- **ACTION ITEM**
Return every line of the records, exact and in full, until you have returned the line with "stroke-width: 2px;", and include none of the pictures.

Records contained in a dataset:

---

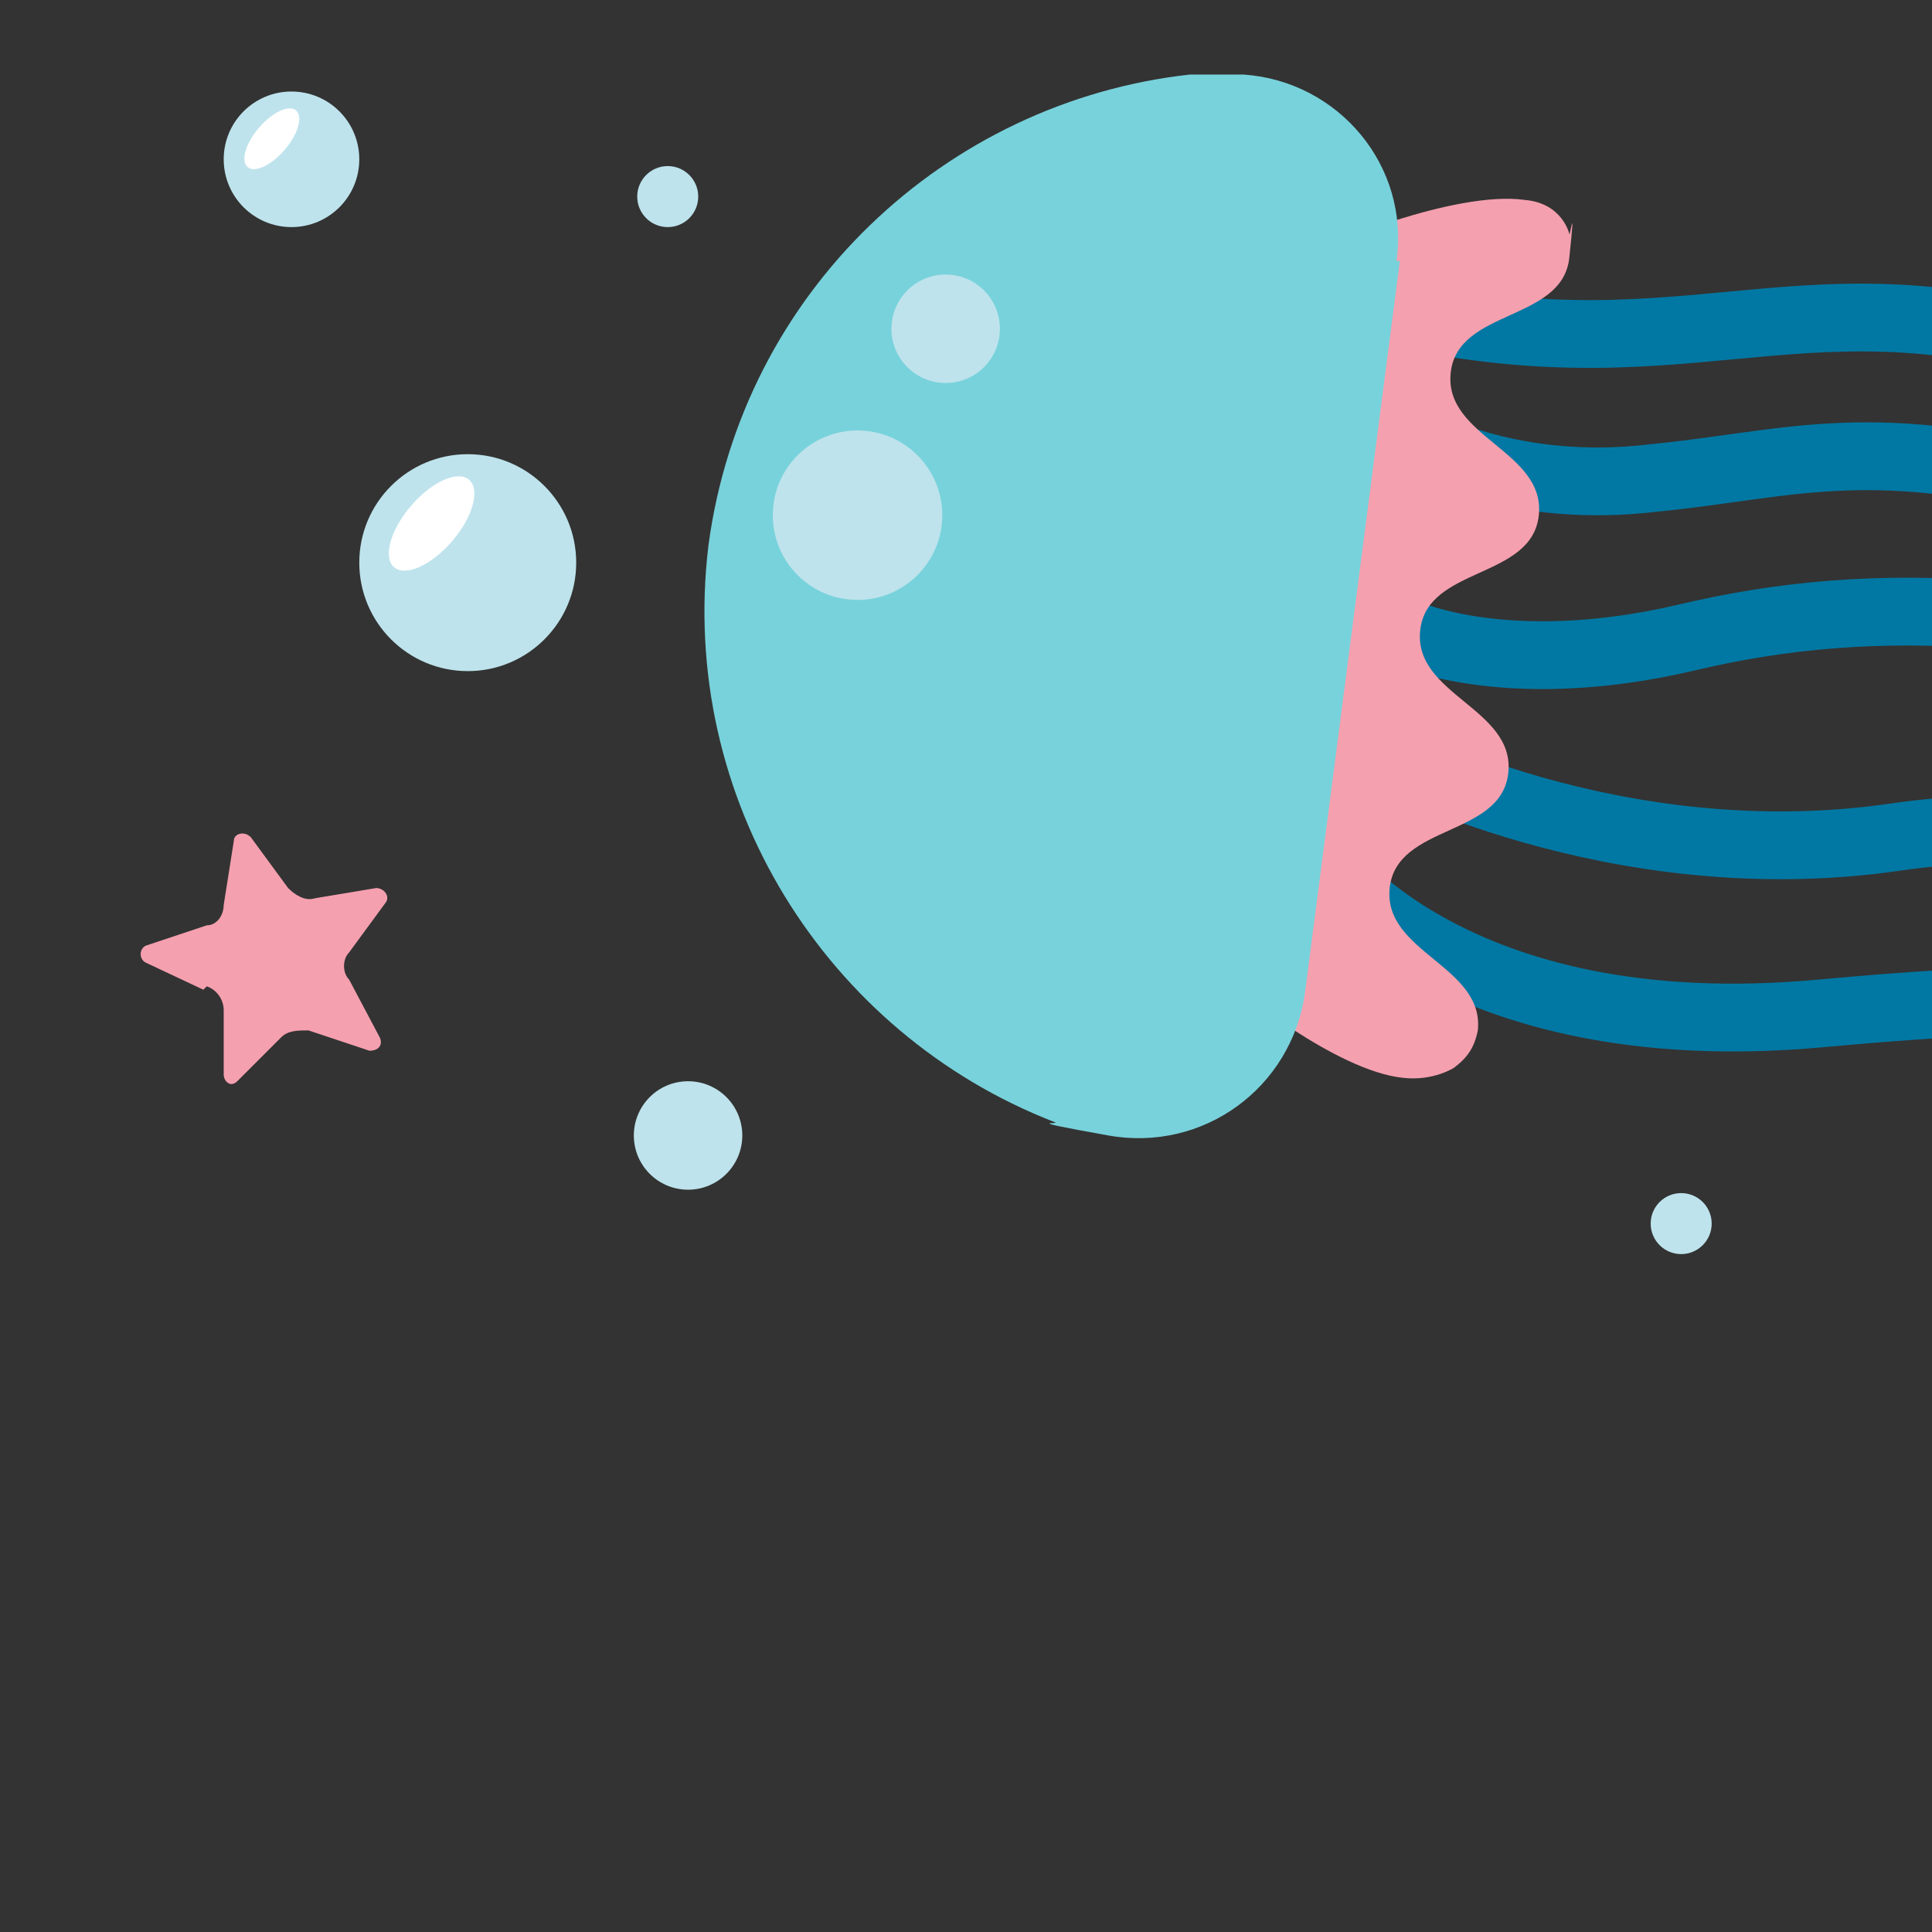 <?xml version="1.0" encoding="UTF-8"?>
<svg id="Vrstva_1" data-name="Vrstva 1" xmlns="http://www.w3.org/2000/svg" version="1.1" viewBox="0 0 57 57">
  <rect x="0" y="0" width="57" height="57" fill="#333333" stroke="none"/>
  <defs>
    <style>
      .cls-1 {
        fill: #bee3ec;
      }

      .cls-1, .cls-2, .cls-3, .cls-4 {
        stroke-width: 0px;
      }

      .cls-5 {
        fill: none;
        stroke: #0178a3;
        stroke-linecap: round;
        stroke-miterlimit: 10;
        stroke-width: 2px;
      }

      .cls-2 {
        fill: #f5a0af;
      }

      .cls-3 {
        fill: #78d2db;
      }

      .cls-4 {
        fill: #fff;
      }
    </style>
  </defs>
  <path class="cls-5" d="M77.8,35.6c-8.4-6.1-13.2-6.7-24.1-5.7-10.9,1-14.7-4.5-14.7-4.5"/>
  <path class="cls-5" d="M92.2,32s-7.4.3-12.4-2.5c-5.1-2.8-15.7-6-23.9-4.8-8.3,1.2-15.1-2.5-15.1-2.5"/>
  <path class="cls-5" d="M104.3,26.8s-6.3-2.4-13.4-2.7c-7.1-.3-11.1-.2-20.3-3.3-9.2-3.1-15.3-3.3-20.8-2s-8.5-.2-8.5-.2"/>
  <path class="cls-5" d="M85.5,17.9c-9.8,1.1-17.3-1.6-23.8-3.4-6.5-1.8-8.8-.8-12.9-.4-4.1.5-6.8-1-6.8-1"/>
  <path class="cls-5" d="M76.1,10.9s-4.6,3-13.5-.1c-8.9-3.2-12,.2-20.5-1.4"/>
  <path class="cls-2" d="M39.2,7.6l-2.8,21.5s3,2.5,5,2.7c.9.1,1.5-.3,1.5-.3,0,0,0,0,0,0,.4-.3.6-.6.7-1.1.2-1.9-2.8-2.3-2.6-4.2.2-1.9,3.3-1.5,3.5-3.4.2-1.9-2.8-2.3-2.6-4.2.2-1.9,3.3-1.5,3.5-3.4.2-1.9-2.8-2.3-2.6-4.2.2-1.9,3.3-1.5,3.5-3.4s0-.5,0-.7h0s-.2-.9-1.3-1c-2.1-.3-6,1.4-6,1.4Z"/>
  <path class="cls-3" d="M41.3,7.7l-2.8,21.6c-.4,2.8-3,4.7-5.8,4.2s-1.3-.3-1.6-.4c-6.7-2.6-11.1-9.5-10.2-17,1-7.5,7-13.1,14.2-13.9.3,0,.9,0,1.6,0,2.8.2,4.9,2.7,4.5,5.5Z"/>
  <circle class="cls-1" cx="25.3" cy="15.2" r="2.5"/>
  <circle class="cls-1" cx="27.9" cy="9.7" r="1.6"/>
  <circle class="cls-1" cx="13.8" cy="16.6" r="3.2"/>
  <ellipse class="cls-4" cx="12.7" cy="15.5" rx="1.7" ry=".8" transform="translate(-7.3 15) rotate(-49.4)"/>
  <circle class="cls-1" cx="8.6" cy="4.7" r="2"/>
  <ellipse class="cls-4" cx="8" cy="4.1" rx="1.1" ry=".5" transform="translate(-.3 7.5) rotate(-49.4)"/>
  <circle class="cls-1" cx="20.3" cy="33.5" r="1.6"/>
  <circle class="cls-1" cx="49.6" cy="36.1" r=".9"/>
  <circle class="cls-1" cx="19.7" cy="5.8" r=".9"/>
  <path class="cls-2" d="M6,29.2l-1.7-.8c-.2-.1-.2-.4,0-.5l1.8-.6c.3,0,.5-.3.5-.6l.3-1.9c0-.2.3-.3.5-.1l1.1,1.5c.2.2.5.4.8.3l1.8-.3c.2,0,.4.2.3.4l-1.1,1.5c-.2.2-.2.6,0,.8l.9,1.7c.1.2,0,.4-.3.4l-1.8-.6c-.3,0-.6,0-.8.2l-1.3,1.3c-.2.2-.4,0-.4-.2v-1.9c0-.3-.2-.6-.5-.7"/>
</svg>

---

- **SOLUTION BELOW**
 <?xml version="1.0" encoding="UTF-8"?>
<svg id="Vrstva_1" data-name="Vrstva 1" xmlns="http://www.w3.org/2000/svg" version="1.1" viewBox="0 0 57 57">
  <rect x="0" y="0" width="57" height="57" fill="#333333" stroke="none"/>
  <defs>
    <style>
      .cls-1 {
        fill: #bee3ec;
      }

      .cls-1, .cls-2, .cls-3, .cls-4 {
        stroke-width: 0px;
      }

      .cls-5 {
        fill: none;
        stroke: #0178a3;
        stroke-linecap: round;
        stroke-miterlimit: 10;
        stroke-width: 2px;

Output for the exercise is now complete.